In this paper we introduce a new method of inferring the effective temperature of a star. Our procedure is inspired by the work by Cayrel et al. (2011), who derive effective temperatures by modeling the Hα line, correcting for systematic errors by linearly mapping their temperatures to a scale based on angular diameters and absolute fluxes. We condense the information on T_eff contained in stellar spectra using principal component analysis (PCA). Then we map the principal components onto T_effs based on a set of reliable calibration stars. Once the calibration is performed, we can easily derive temperatures for other stars observed with the same instrument.

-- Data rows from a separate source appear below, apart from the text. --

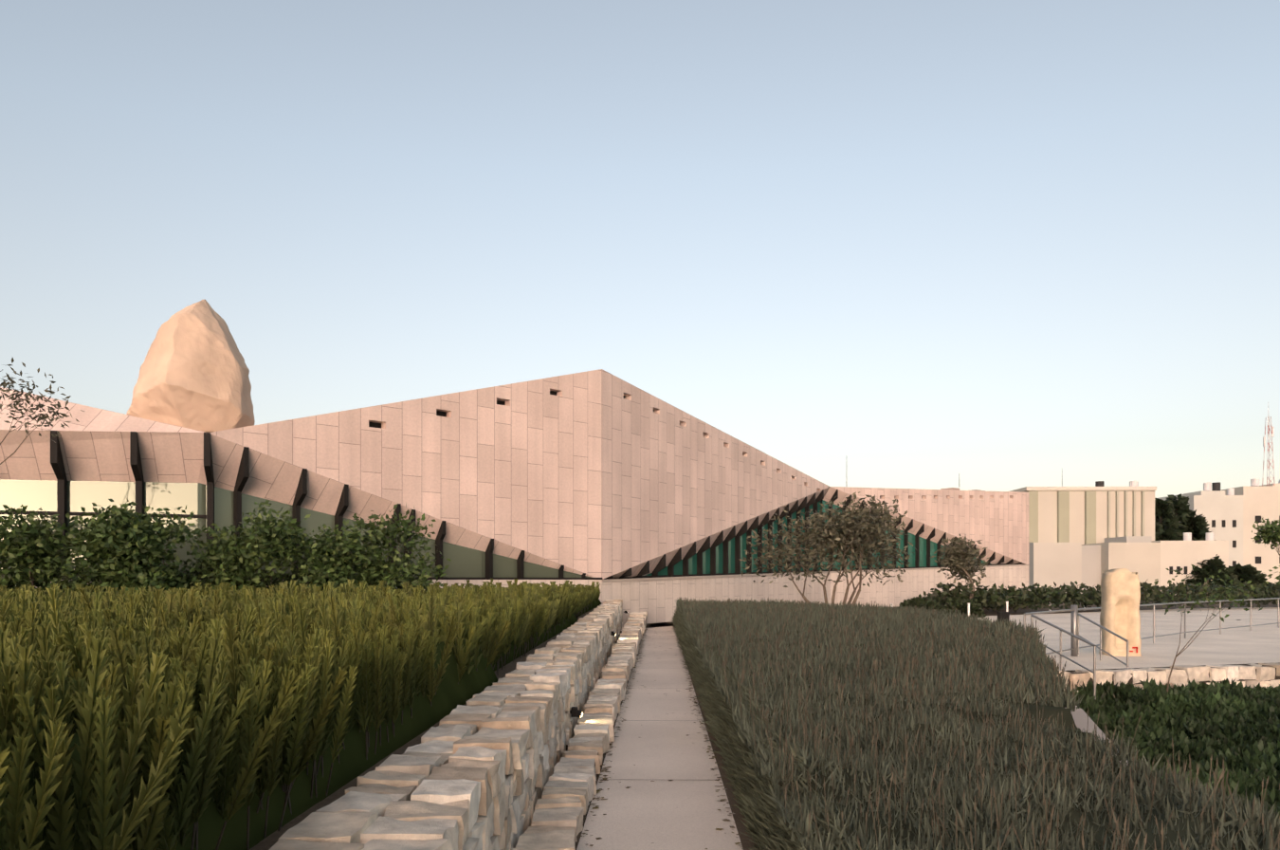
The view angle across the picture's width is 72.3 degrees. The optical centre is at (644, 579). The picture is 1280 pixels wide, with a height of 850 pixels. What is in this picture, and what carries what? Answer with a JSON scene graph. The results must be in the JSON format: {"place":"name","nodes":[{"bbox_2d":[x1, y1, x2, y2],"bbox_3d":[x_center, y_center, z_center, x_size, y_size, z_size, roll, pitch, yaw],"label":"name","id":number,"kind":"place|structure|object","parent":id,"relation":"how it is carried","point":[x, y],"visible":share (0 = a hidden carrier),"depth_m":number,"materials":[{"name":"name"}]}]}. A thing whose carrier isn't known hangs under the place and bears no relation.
{"place":"outdoors","nodes":[
{"label":"outdoors","id":0,"kind":"place"},
{"bbox_2d":[268,598,622,849],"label":"stone wall","id":1,"kind":"structure","parent":0,"point":[448,778],"depth_m":4.82,"materials":[{"name":"beige stone"}]},
{"bbox_2d":[0,0,1279,574],"label":"sky","id":2,"kind":"structure","parent":0,"point":[990,245],"materials":[{"name":"blue"}]},
{"bbox_2d":[249,596,1279,849],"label":"pavement","id":3,"kind":"structure","parent":0,"point":[676,803],"depth_m":9.65,"materials":[{"name":"concrete"}]},
{"bbox_2d":[0,577,601,849],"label":"rosemary fronds","id":4,"kind":"object","parent":3,"relation":"on","point":[97,668],"visible":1,"depth_m":3.42,"materials":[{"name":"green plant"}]},
{"bbox_2d":[512,610,647,849],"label":"stone ledge","id":5,"kind":"object","parent":3,"relation":"on","point":[562,803],"depth_m":7.30,"materials":[{"name":"beige stone"}]},
{"bbox_2d":[569,610,628,717],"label":"spotlights","id":6,"kind":"object","parent":3,"relation":"on","point":[575,711],"visible":0.77,"depth_m":8.84,"materials":[{"name":"black metal"}]},
{"bbox_2d":[579,622,742,848],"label":"path debris","id":7,"kind":"object","parent":3,"relation":"on","point":[605,777],"visible":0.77,"depth_m":8.10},
{"bbox_2d":[671,597,1279,849],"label":"ornamental grass","id":8,"kind":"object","parent":3,"relation":"on","point":[1033,708],"visible":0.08,"depth_m":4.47,"materials":[{"name":"green plant"}]},
{"bbox_2d":[890,601,1085,615],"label":"bollard lights","id":9,"kind":"object","parent":3,"relation":"on","point":[968,609],"visible":0.31,"depth_m":36.71,"materials":[{"name":"white"}]},
{"bbox_2d":[1098,567,1141,656],"bbox_3d":[10.183,0.693,18.763,0.670,1.855,0.503,0,0,1],"label":"standing stone sculpture","id":10,"kind":"object","parent":3,"relation":"on","point":[1120,600],"visible":0.98,"depth_m":18.59,"materials":[{"name":"beige stone"}]},
{"bbox_2d":[997,611,1009,621],"bbox_3d":[10.138,1.283,24.768,0.440,0.725,0.200,0,0,-28],"label":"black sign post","id":11,"kind":"object","parent":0,"point":[1001,615],"visible":0.18,"depth_m":24.71,"materials":[{"name":"black metal"}]},
{"bbox_2d":[1023,597,1279,698],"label":"plaza railing","id":12,"kind":"object","parent":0,"point":[1073,633],"visible":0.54,"depth_m":18.47,"materials":[{"name":"grey metal"}]},
{"bbox_2d":[1057,661,1279,696],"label":"plaza wall","id":13,"kind":"structure","parent":0,"point":[1198,673],"depth_m":15.93,"materials":[{"name":"beige stone"}]},
{"label":"terrace ground","id":14,"kind":"structure","parent":0,"visible":0},
{"bbox_2d":[1065,705,1132,767],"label":"bed kerb","id":15,"kind":"structure","parent":14,"relation":"on","point":[1080,716],"depth_m":9.93,"materials":[{"name":"concrete"}]},
{"bbox_2d":[1063,677,1279,818],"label":"ground cover leaves","id":16,"kind":"object","parent":14,"relation":"on","point":[1254,711],"visible":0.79,"depth_m":11.81,"materials":[{"name":"green plant"}]},
{"bbox_2d":[1107,695,1279,803],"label":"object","id":17,"kind":"object","parent":14,"relation":"on","point":[1169,727],"visible":0.02,"depth_m":11.92,"materials":[{"name":"green plant"}]},
{"label":"terrain","id":18,"kind":"structure","parent":0,"visible":0},
{"bbox_2d":[0,368,1029,624],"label":"museum","id":19,"kind":"structure","parent":18,"relation":"on","point":[633,498],"depth_m":28.01,"materials":[{"name":"stone"}]},
{"bbox_2d":[126,299,255,432],"bbox_3d":[-12.032,-5.628,23.181,3.028,3.605,2.361,0,0,1],"label":"boulder","id":20,"kind":"object","parent":19,"relation":"on","point":[193,372],"visible":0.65,"depth_m":22.59,"materials":[{"name":"beige stone"}]},
{"bbox_2d":[0,357,1279,692],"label":"tree","id":21,"kind":"object","parent":18,"relation":"on","point":[121,545],"depth_m":19.98,"materials":[{"name":"green plant"}]},
{"bbox_2d":[1009,477,1279,595],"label":"background buildings","id":22,"kind":"structure","parent":18,"relation":"on","point":[1088,536],"depth_m":128.45,"materials":[{"name":"beige concrete"}]},
{"bbox_2d":[1261,416,1274,486],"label":"telecom mast","id":23,"kind":"object","parent":22,"relation":"on","point":[1269,433],"visible":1,"depth_m":177.32,"materials":[{"name":"metal"}]}
]}

Since our procedure takes as input data continuum-normalized high-resolution spectra, it is immune to distortions in the spectral energy distributions due to interstellar reddening. Unlike χ²-fitting certain parts of the spectrum with high sensitivity to Teff, such as the Balmer lines, by using models, PCA is optimized to make use of all the information on the stellar effective temperature contained in the spectrum.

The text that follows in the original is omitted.